**Data for review:**

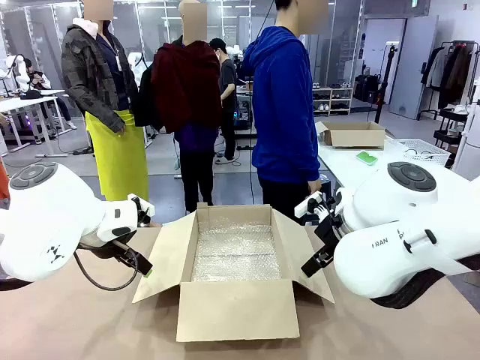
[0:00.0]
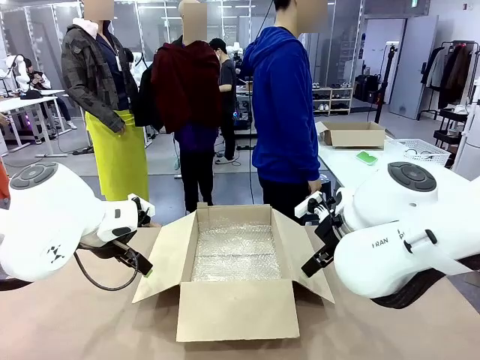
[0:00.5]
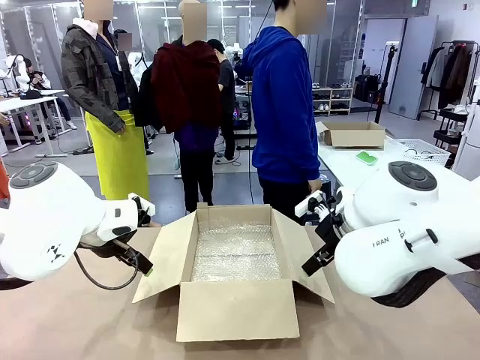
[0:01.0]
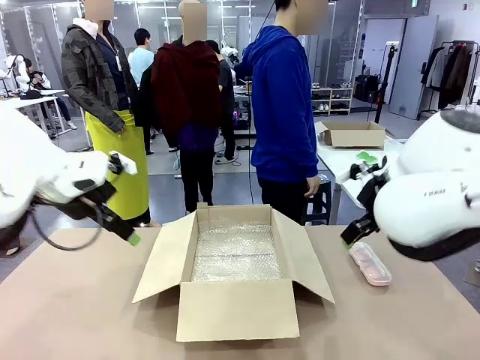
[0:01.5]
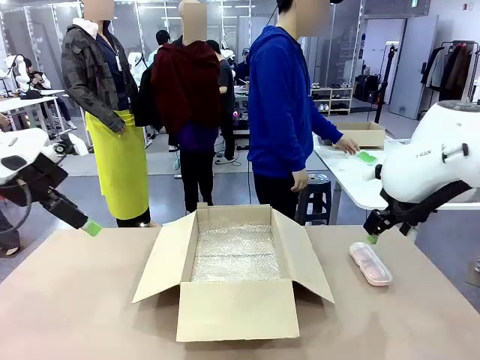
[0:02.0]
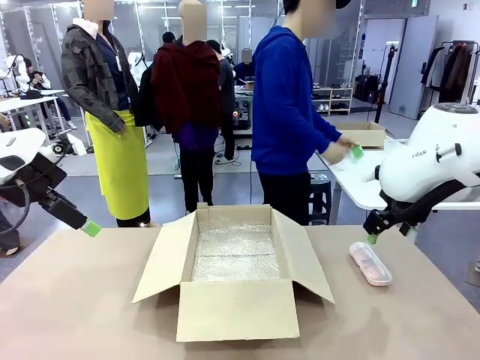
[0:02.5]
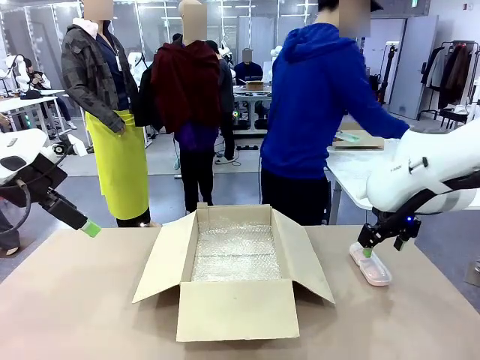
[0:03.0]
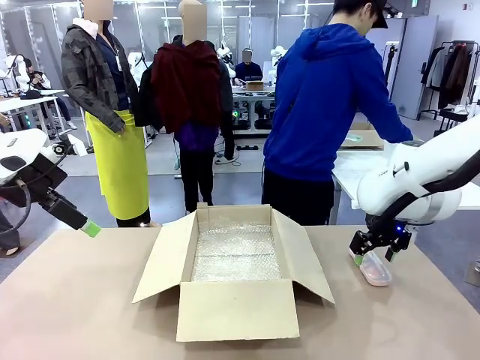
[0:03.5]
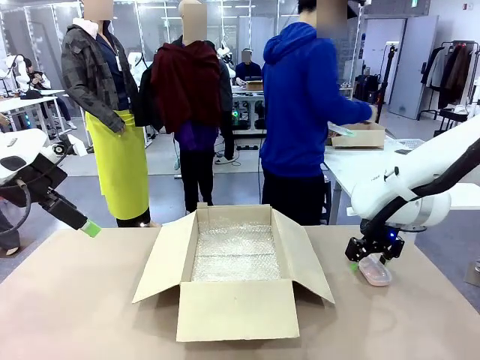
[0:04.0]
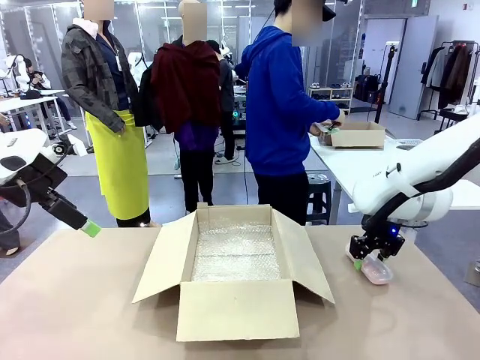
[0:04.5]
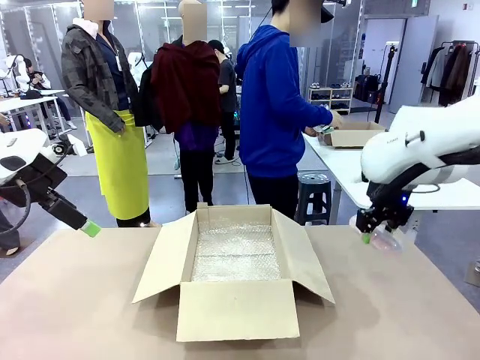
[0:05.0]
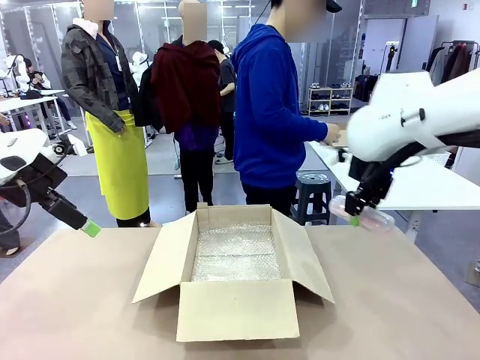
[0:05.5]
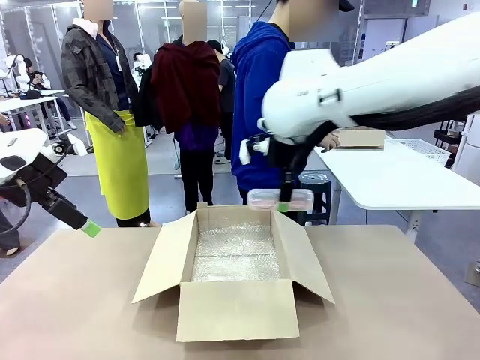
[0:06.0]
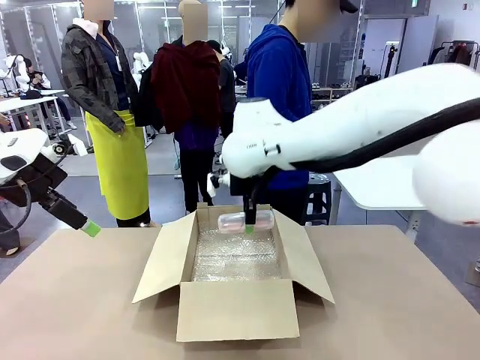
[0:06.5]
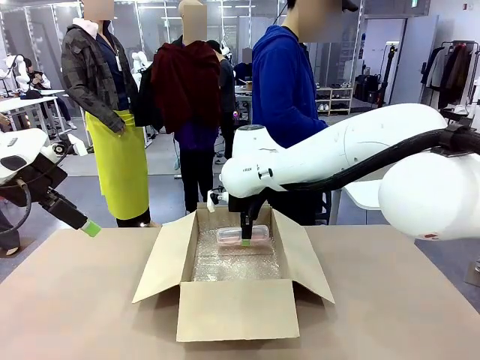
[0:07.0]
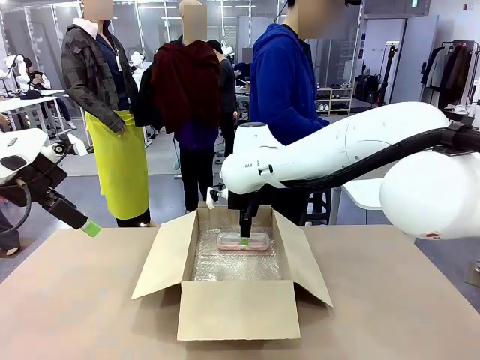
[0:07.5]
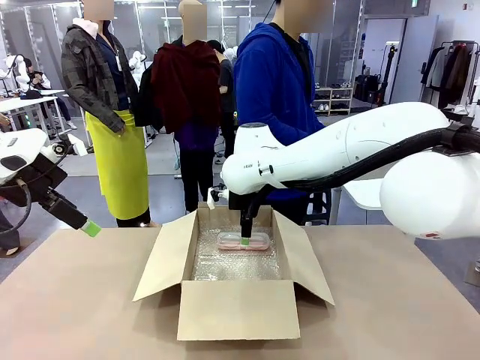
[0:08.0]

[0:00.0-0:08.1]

**Problem to solve:** Without the pictures, restate all of the entries word for word.

**Solution for this problem:**
[0:00.0]
[0:00.5]
[0:01.0]
[0:01.5]
[0:02.0]
[0:02.5]
[0:03.0]
[0:03.5]
[0:04.0]
[0:04.5]
[0:05.0]
[0:05.5]
[0:06.0]
[0:06.5]
[0:07.0]
[0:07.5]
[0:08.0]

[0:00.0-0:08.1]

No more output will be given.